Comment 2 Marcus Meissner 2017-10-20 08:36:07 UTC 
Created attachment 745284 [details]
CVE-2017-15649.c

QA REPRODUCER:

gcc -pthread -O2 -o CVE-2017-15649 CVE-2017-15649.c

./CVE-2017-15649

should not crash the kernel. (do not be confused that it prints id=root, this is due to the namespace switch before the exploit)
Comment 3 Michal Hocko 2017-10-20 08:38:50 UTC 
Both commits point to dc99f600698d ("packet: Add fanout support."). Which is
$ git describe --contains dc99f600698d
v3.0-git1~12^2~229

but in fact it is in the 3.0..3.1 range and our 3.0 based kernels do not seem to have it. So if this is really the commit which has introduced the issue SLE11* shouldn't be affected.
Comment 5 Jiri Slaby 2017-10-20 09:26:23 UTC 
In stable 4.13.6.

NOT in stable 4.4.93 (latest 4.4.*).
Comment 6 Michal Kubeček 2017-10-20 09:35:39 UTC 
Yes, commit dc99f600698d is 3.1-rc1 and hasn't been backported to any of our
older kernels.
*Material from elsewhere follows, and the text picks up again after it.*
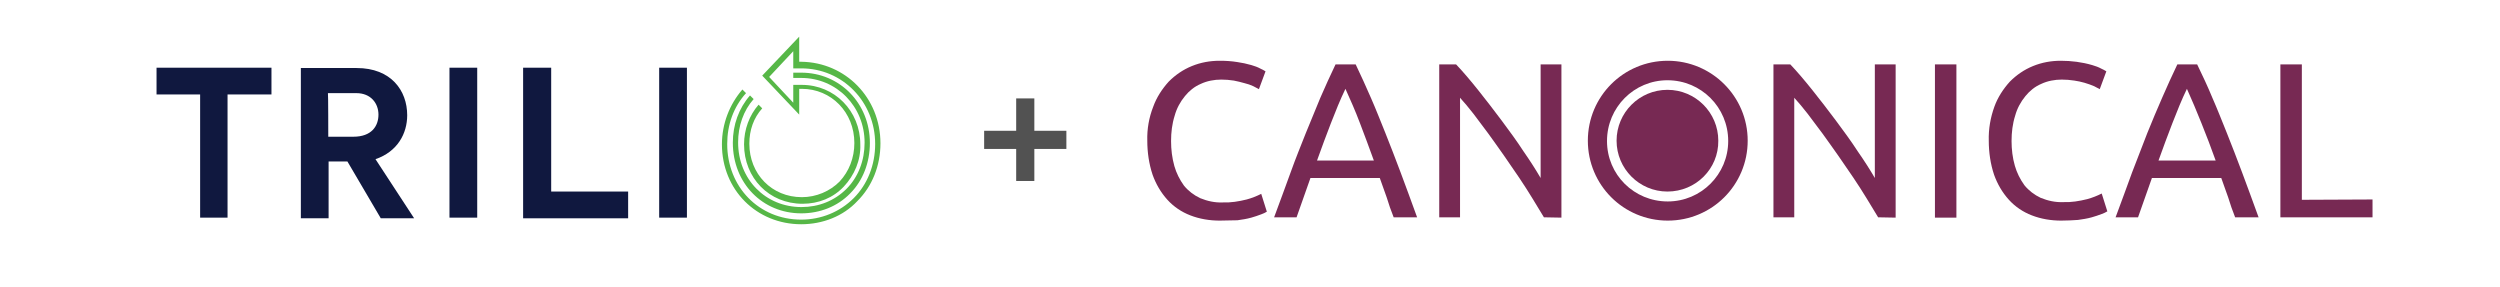 <svg xmlns="http://www.w3.org/2000/svg" xmlns:xlink="http://www.w3.org/1999/xlink" id="Layer_1" x="0px" y="0px" viewBox="0 0 757 87" style="enable-background:new 0 0 757 87;" xml:space="preserve"><style type="text/css">	.st0{fill:#525252;}	.st1{fill:#772953;}	.st2{fill:#10183F;}	.st3{fill:#56B747;}</style><g>	<path class="st0" d="M307.7,45.1H298v-5.5h9.7v-9.8h5.5v9.8h9.7v5.5h-9.7v9.7h-5.5V45.1z"></path></g><g>	<path class="st1" d="M369.3,66.8c-3,0-6.1-0.5-8.9-1.6c-2.6-1-5-2.6-6.9-4.7c-2-2.2-3.5-4.8-4.5-7.6c-1.1-3.3-1.6-6.8-1.6-10.3   c-0.1-3.5,0.5-7,1.8-10.3c1-2.8,2.7-5.4,4.7-7.6c2-2,4.3-3.6,7-4.7s5.5-1.6,8.4-1.6c1.8,0,3.6,0.1,5.4,0.4c1.4,0.2,2.8,0.5,4.2,0.9   c1,0.3,1.9,0.6,2.8,1.1c0.5,0.2,1,0.5,1.5,0.8l-2,5.4c-0.6-0.3-1.1-0.6-1.7-0.9c-0.9-0.4-1.7-0.7-2.6-0.9c-1.1-0.3-2.2-0.6-3.3-0.8   c-1.3-0.2-2.5-0.3-3.8-0.3c-2.1,0-4.3,0.4-6.2,1.3c-1.9,0.8-3.5,2.1-4.8,3.7c-1.4,1.7-2.5,3.7-3.1,5.9c-0.8,2.5-1.1,5.1-1.1,7.7   s0.3,5.1,1,7.6c0.6,2.1,1.6,4.1,2.9,5.9c1.3,1.6,3,2.9,4.9,3.8c2.2,0.9,4.5,1.4,6.8,1.3c2.5,0.1,4.9-0.3,7.3-0.9   c1.5-0.4,3-1,4.4-1.7l1.7,5.4c-0.5,0.3-1.1,0.6-1.7,0.8c-1,0.4-2,0.7-3,1c-1.4,0.4-2.8,0.6-4.2,0.8C372.8,66.7,371,66.8,369.3,66.8   z"></path>	<path class="st1" d="M410.5,19.5c1.6,3.3,3.1,6.7,4.6,10.1s2.9,7,4.4,10.7s3,7.7,4.6,11.9c1.6,4.2,3.2,8.7,5,13.6H422   c-0.8-2-1.5-4-2.1-6c-0.7-2-1.4-3.9-2.1-5.9h-21l-4.2,11.9h-6.8c1.8-4.9,3.5-9.4,5-13.6s3.1-8.1,4.6-11.9c1.5-3.7,3-7.3,4.4-10.7   c1.5-3.4,3-6.8,4.6-10.1C404.4,19.5,410.5,19.5,410.5,19.5z M407.4,26.9c-1.6,3.3-3,6.8-4.4,10.4s-2.8,7.4-4.2,11.3H416   c-1.4-3.9-2.8-7.6-4.2-11.3S408.9,30.2,407.4,26.9L407.4,26.9z"></path>	<path class="st1" d="M467.5,65.8c-1-1.6-2.1-3.5-3.4-5.6c-1.3-2.1-2.6-4.2-4.1-6.4c-1.5-2.2-3-4.4-4.6-6.7   c-1.6-2.3-3.2-4.5-4.7-6.6c-1.6-2.1-3.1-4.1-4.5-6c-1.5-1.9-2.8-3.5-4.1-4.9v36.2h-6.3V19.5h5.1c2.1,2.2,4.3,4.8,6.7,7.8   s4.7,6,7.1,9.2c2.3,3.1,4.6,6.2,6.6,9.3c2.1,3,3.8,5.7,5.2,8.1V19.5h6.3v46.4L467.5,65.8z"></path>	<path class="st1" d="M568.7,65.8c-1-1.6-2.1-3.5-3.4-5.6c-1.3-2.1-2.6-4.2-4.1-6.4c-1.5-2.2-3-4.4-4.6-6.7   c-1.6-2.3-3.2-4.5-4.7-6.6c-1.6-2.1-3.1-4.1-4.5-6c-1.5-1.9-2.8-3.5-4.1-4.9v36.2H537V19.5h5.1c2.1,2.2,4.3,4.8,6.7,7.8   s4.7,6,7.1,9.2c2.3,3.1,4.6,6.2,6.6,9.3c2.1,3,3.8,5.7,5.2,8.1V19.5h6.3v46.4L568.7,65.8z"></path>	<path class="st1" d="M585.9,19.5h6.5v46.4h-6.5V19.5z"></path>	<path class="st1" d="M624.1,66.8c-3,0-6.1-0.5-8.9-1.6c-2.6-1-5-2.6-6.9-4.7c-2-2.2-3.5-4.8-4.5-7.6c-1.1-3.3-1.6-6.8-1.6-10.3   c-0.1-3.5,0.5-7,1.7-10.3c1-2.8,2.7-5.4,4.7-7.6c2-2,4.3-3.6,7-4.7s5.5-1.6,8.4-1.6c3.2,0,6.4,0.4,9.5,1.3c1,0.3,1.9,0.6,2.8,1.1   c0.5,0.2,1,0.5,1.5,0.8l-2,5.4c-0.6-0.3-1.1-0.6-1.7-0.9c-1.9-0.8-3.9-1.4-6-1.7c-1.3-0.2-2.5-0.3-3.8-0.3c-2.1,0-4.3,0.4-6.2,1.3   c-1.9,0.8-3.5,2.1-4.8,3.7c-1.4,1.7-2.5,3.7-3.1,5.9c-0.8,2.5-1.1,5.1-1.1,7.7c0,2.5,0.3,5.1,1,7.5c0.6,2.1,1.6,4.1,2.9,5.9   c1.3,1.6,3,2.9,4.9,3.8c2.2,0.9,4.5,1.4,6.8,1.3c2.5,0.1,4.9-0.3,7.3-0.9c1.5-0.4,3-1,4.4-1.7l1.7,5.4c-0.5,0.3-1.1,0.6-1.7,0.8   c-1,0.4-2,0.7-3,1c-1.4,0.4-2.8,0.6-4.2,0.8C627.6,66.7,625.9,66.8,624.1,66.8z"></path>	<path class="st1" d="M665.3,19.5c1.6,3.3,3.2,6.7,4.6,10.1c1.5,3.4,2.9,7,4.4,10.7s3,7.7,4.6,11.9c1.6,4.2,3.2,8.7,5,13.6h-7.1   c-0.8-2-1.5-4-2.1-6c-0.7-2-1.4-3.9-2.1-5.9h-21l-4.2,11.9h-6.8c1.8-4.9,3.5-9.4,5-13.6c1.6-4.2,3.1-8.1,4.6-11.9   c1.5-3.7,3-7.3,4.5-10.7c1.5-3.4,3-6.8,4.6-10.1C659.3,19.5,665.3,19.5,665.3,19.5z M662.2,26.9c-1.6,3.3-3,6.8-4.4,10.4   s-2.8,7.4-4.2,11.3h17.3c-1.4-3.9-2.8-7.6-4.3-11.3S663.7,30.2,662.2,26.9L662.2,26.9z"></path>	<path class="st1" d="M718.4,60.4v5.4h-27.9V19.5h6.5v41L718.4,60.4z"></path>	<path class="st1" d="M504.9,58c-8.5,0-15.4-6.9-15.4-15.4s6.9-15.4,15.4-15.4s15.4,6.9,15.4,15.4l0,0C520.4,51.1,513.5,58,504.9,58   L504.9,58z"></path>	<path class="st1" d="M529.2,42.6c0,13.4-10.8,24.2-24.2,24.2S480.8,56,480.8,42.6s10.8-24.2,24.2-24.2l0,0l0,0   C518.3,18.4,529.2,29.2,529.2,42.6L529.2,42.6z M504.9,24.3c-10.1,0-18.3,8.2-18.3,18.4S494.8,61,505,61c10.1,0,18.3-8.2,18.3-18.3   C523.3,32.5,515.1,24.3,504.9,24.3C505,24.3,505,24.3,504.9,24.3L504.9,24.3z"></path></g><g>	<polygon class="st2" points="47.4,20.5 47.4,28.6 60.6,28.6 60.6,65.9 68.9,65.9 68.9,28.6 82.2,28.6 82.2,20.5  "></polygon>	<path class="st2" d="M105.2,48.9h-5.7v17.2h-8.4V20.6H108c10.4,0,15.3,6.8,15.3,14.3c0,5.5-2.9,11-9.6,13.3l11.7,17.9h-10.1   L105.2,48.9z M99.4,41.4h7.6c5.5,0,7.6-3.2,7.6-6.7c0-3.4-2.3-6.5-6.7-6.5h-8.6C99.4,28.3,99.4,41.4,99.4,41.4z"></path>	<rect x="136.1" y="20.5" class="st2" width="8.4" height="45.4"></rect>	<polygon class="st2" points="158.4,20.5 166.9,20.5 166.9,58 190.2,58 190.2,66.1 158.4,66.1  "></polygon>	<rect x="199.6" y="20.5" class="st2" width="8.4" height="45.4"></rect>	<path class="st3" d="M242.6,64.6c5.7,0,11-2.1,14.8-6c3.9-3.9,6-9.4,6-15.3c0-12-9.1-21.3-20.8-21.3h-2.4v1.6h2.4   c10.7,0,19.2,8.6,19.2,19.6c0,5.4-1.9,10.4-5.5,14s-8.4,5.5-13.6,5.5c-10.9,0-19.2-8.4-19.2-19.6c0-4.9,1.6-9.6,4.7-13.1l-1.1-1.1   c-3.4,3.9-5.2,8.9-5.2,14.3C221.9,55.5,230.9,64.6,242.6,64.6"></path>	<path class="st3" d="M242.6,67.9c6.5,0,12.7-2.4,17-7c4.5-4.5,7-10.7,7-17.5c0-13.8-10.6-24.5-23.9-24.7H242v-7.6l-11.2,11.8   L242,34.7v-7.8h0.8c8.9,0,15.9,7.1,15.9,16.4c0,4.5-1.6,8.6-4.5,11.7c-2.9,2.9-7,4.7-11.4,4.7c-9.1,0-15.9-7-15.9-16.2   c0-4.1,1.3-7.8,3.9-10.7l-1.1-1.1c-2.8,3.2-4.4,7.5-4.4,12c0,10.2,7.6,18,17.7,18c4.9,0,9.3-1.8,12.5-5.2s5.2-8,5-12.8   c0-10.1-7.8-18-17.7-18h-2.6v5.4l-7.3-7.8l7.3-7.8v5.2h2.4c12.5,0,22.4,10.1,22.4,22.9c0,6.3-2.3,12.2-6.5,16.4   c-4.2,4.2-9.9,6.5-15.9,6.5c-12.8,0-22.4-9.9-22.4-22.9c0-5.8,1.9-11.2,5.7-15.4l-1.1-1.1c-3.9,4.5-6.2,10.4-6.2,16.6   C218.6,57.5,229.1,67.9,242.6,67.9"></path></g></svg>

As this is the initial commit adding the fanout infrastructure
as such, branches based on kernel <= 3.0 are safe.

On the other end, master is already fixed via 4.14-rc4 and stable via 4.13.6.
That leaves us with

  SLE15
  SLE12-SP3
  SLE12-SP2
  cve/linux-3.12
Comment 7 Michal Kubeček 2017-10-20 15:25:00 UTC 
The two fixes

  008ba2a13f2d  packet: hold bind lock when rebinding to fanout hook
  4971613c1639  packet: in packet_do_bind, test fanout with bind_lock held

are now present in or have been submitted to (*) all relevant branches:

  stable                  4.13.6
  SLE15                   d09ce1887a72 *
  SLE12-SP3               fbf37987471f
  SLE12-SP2               d360124864db
  cve/linux-3.12          cdca61fab372 *

Reassigning back to the security team.
Comment 10 Bernhard Wiedemann 2017-10-22 10:03:09 UTC 
This is an autogenerated message for OBS integration:
This bug (1064388) was mentioned in
https://build.opensuse.org/request/show/535772 42.2 / kernel-source
https://build.opensuse.org/request/show/535773 42.3 / kernel-source
Comment 12 Swamp Workflow Management 2017-10-25 13:15:32 UTC 
openSUSE-SU-2017:2846-1: An update that solves three vulnerabilities and has 60 fixes is now available.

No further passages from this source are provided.